Date: 22 May 93 02:23:24
Organization: Kernel Hackers 'r' Us
Lines: 45
Message-ID: <CGD.93May22022324@gaia.CS.Berkeley.EDU>
References: <1te9h8$8fn@agate.berkeley.edu> <almC7BGLz.EDM@netcom.com>
	<1tggls$oqi@agate.berkeley.edu>
NNTP-Posting-Host: gaia.cs.berkeley.edu
In-reply-to: wjolitz@soda.berkeley.edu's message of 20 May 1993 17:55:08 GMT

In article <1tggls$oqi@agate.berkeley.edu> wjolitz@soda.berkeley.edu (William F. Jolitz) writes:
>We haven't received ANYTHING from NETBSD -- not one line of code.

to this i respond with:

"did you ask?"

the answer is no.
we (the NetBSD people) have not heard a *peep* from you about our work.
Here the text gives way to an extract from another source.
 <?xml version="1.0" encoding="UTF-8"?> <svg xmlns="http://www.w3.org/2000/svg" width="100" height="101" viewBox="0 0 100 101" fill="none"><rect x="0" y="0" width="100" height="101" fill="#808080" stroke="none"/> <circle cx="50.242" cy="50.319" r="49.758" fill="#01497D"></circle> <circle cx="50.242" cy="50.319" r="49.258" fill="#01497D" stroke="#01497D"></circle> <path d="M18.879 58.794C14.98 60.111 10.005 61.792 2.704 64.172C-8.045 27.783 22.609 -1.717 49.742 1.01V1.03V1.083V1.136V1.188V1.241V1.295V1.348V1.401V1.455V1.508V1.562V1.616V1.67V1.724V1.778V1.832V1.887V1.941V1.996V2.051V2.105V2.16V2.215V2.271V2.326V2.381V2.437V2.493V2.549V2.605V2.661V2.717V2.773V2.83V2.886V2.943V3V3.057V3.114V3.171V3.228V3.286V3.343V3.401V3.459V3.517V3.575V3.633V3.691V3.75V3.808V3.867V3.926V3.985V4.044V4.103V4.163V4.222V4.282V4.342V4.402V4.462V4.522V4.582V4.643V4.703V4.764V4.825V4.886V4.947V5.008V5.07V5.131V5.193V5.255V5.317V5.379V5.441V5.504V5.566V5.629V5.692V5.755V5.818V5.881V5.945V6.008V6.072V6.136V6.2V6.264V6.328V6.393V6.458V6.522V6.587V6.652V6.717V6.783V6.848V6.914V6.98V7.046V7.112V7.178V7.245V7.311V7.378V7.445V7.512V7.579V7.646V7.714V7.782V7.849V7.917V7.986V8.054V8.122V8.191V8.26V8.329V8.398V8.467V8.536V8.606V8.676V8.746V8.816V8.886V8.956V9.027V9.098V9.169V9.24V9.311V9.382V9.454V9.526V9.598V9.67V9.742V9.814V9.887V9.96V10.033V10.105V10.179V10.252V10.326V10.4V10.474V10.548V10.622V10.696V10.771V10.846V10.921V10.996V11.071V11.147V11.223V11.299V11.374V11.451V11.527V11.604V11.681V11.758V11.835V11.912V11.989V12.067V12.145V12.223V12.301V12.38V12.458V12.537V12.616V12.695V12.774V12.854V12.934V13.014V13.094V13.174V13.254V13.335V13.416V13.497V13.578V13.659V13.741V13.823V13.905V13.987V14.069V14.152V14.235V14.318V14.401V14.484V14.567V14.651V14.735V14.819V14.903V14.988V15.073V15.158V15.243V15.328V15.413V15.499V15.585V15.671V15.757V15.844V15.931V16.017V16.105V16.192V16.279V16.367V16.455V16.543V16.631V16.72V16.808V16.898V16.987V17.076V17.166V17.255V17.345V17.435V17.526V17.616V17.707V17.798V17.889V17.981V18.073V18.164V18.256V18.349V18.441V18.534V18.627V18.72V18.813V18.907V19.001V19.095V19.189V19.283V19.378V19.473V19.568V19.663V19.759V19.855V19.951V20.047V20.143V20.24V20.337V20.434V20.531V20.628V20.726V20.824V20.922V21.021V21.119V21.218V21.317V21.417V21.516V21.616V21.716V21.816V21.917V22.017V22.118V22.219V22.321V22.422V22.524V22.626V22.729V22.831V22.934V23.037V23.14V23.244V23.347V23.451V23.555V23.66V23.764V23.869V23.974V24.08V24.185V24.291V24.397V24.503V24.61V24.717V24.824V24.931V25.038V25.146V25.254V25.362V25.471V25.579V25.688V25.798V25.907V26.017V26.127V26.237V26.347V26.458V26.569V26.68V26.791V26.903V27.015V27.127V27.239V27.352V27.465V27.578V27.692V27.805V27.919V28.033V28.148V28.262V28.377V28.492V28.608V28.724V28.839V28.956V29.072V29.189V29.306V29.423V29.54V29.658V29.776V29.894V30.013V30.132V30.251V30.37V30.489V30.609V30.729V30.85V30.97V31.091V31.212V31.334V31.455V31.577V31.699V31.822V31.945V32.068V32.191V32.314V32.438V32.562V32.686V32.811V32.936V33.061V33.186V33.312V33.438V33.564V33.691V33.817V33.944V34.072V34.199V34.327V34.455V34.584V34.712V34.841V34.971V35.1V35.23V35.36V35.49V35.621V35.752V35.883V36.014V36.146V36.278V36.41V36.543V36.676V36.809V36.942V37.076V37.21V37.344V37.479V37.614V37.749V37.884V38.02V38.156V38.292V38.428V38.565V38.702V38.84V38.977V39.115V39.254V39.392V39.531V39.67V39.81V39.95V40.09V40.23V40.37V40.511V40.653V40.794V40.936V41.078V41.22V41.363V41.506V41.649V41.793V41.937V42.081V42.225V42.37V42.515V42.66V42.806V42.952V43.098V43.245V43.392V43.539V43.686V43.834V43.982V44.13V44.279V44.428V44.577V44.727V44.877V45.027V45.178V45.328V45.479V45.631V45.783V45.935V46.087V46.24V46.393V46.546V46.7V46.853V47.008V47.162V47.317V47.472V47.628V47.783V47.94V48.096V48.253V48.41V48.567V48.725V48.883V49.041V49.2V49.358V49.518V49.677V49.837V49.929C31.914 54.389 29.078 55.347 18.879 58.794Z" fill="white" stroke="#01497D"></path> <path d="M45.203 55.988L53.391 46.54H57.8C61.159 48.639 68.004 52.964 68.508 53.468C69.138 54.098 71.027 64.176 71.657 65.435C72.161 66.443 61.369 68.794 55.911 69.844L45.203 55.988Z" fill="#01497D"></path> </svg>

we have always made it our policy to:

	(1) make our latest sources as available as quickly as possible
		and as up-to-date as possible.  (the NetBSD-current
		hierarchy had been around for a while, for example,
		but i wanted the updating stuff properly tested and
		debugged before i announced it to the world.)
		it's updated nightly via cron.

	(2) provide patches to fix specific bugs for which we had solutions
		to people who asked for them, and, if we thought the bug
		was of the appropriate caliber, the net and the patchkit
		people.  (this is especially true if the people in
		question would have a hard time with getting a whole
		new source tree, or even the individual new files, e.g.
		because they were on the other end of a uucp link.)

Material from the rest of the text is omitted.